┏━━
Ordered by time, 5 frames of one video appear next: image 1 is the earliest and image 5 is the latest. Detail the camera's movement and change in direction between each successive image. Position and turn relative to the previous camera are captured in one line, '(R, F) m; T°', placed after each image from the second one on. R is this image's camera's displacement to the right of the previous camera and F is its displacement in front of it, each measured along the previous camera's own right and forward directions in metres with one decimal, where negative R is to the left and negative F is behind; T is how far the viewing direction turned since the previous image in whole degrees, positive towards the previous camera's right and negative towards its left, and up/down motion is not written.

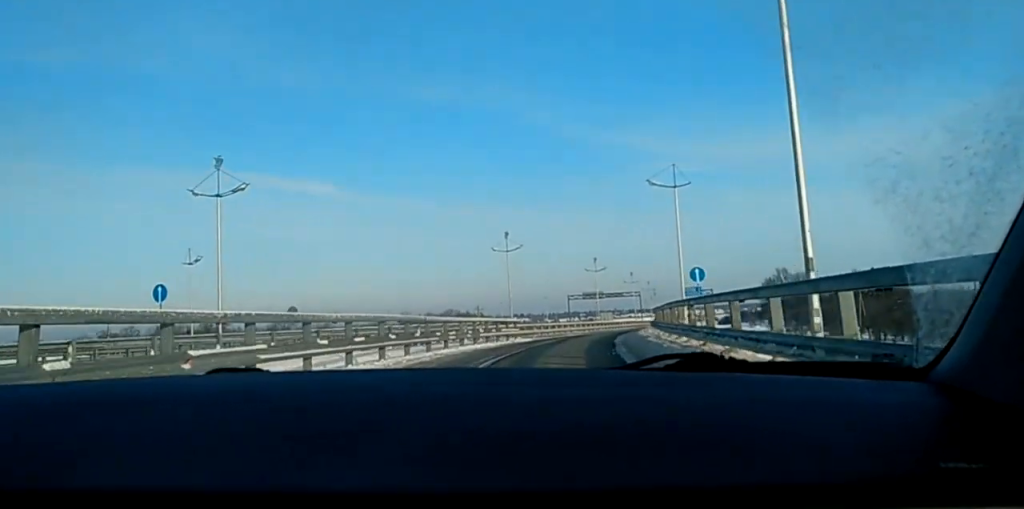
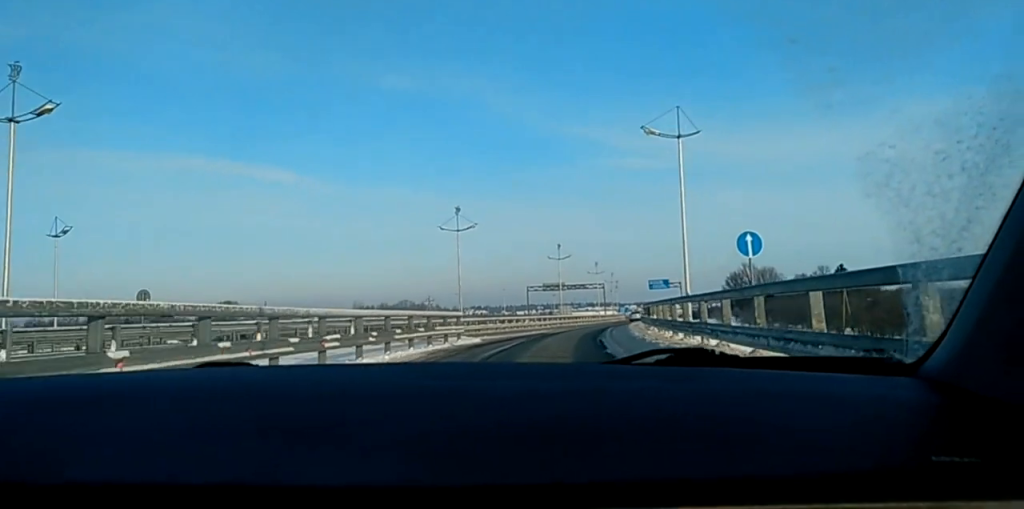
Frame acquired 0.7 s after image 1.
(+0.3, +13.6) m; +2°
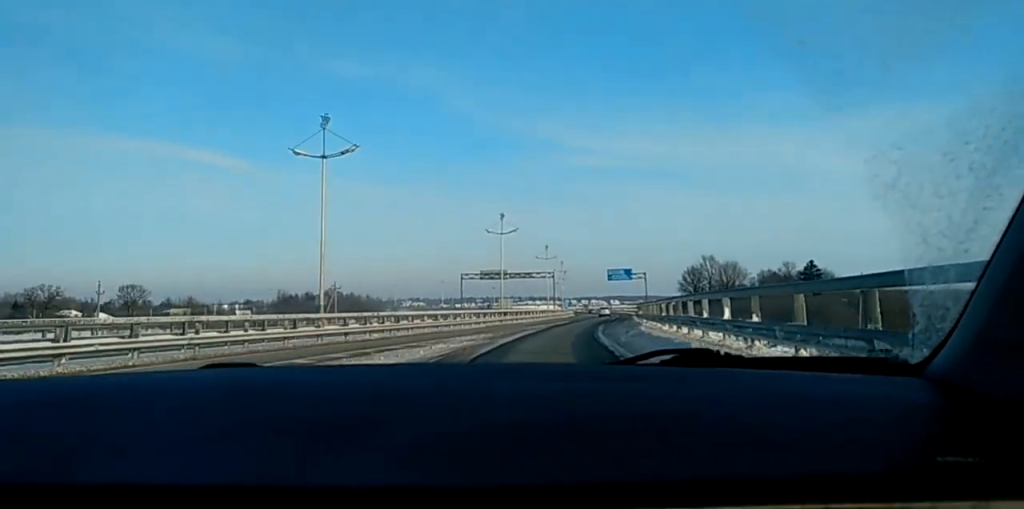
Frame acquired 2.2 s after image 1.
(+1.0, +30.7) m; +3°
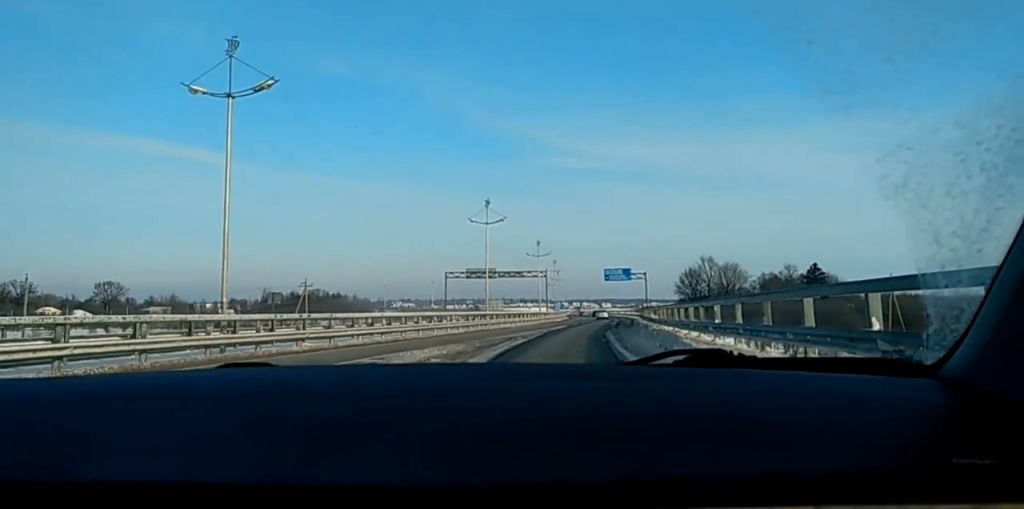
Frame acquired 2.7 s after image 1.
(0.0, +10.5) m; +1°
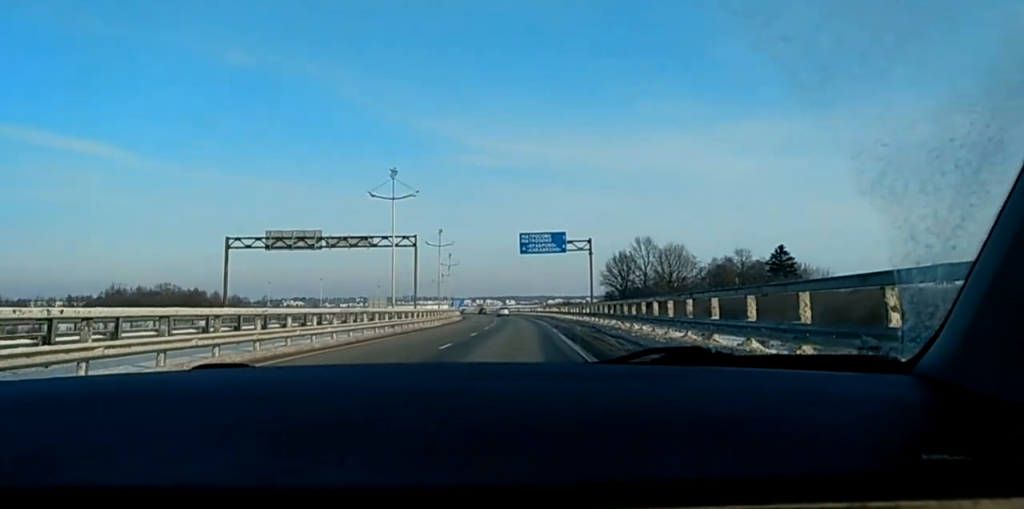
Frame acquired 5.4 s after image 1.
┗━━
--- WHAT THE TASK REQUIRES ---
With the pictures omitted, reproduce the data above exactly.

--- TASK OUTPUT ---
Ordered by time, 5 frames of one video appear next: image 1 is the earliest and image 5 is the latest. Detail the camera's movement and change in direction between each successive image. Position and turn relative to the previous camera are captured in one line, '(R, F) m; T°', placed after each image from the second one on. R is this image's camera's displacement to the right of the previous camera and F is its displacement in front of it, each measured along the previous camera's own right and forward directions in metres with one decimal, where negative R is to the left and negative F is behind; T is how far the viewing direction turned since the previous image in whole degrees, positive towards the previous camera's right and negative towards its left, and up/down motion is not written.

Frame acquired 0.7 s after image 1.
(+0.3, +13.6) m; +2°
Frame acquired 2.2 s after image 1.
(+1.0, +30.7) m; +3°
Frame acquired 2.7 s after image 1.
(0.0, +10.5) m; +1°
Frame acquired 5.4 s after image 1.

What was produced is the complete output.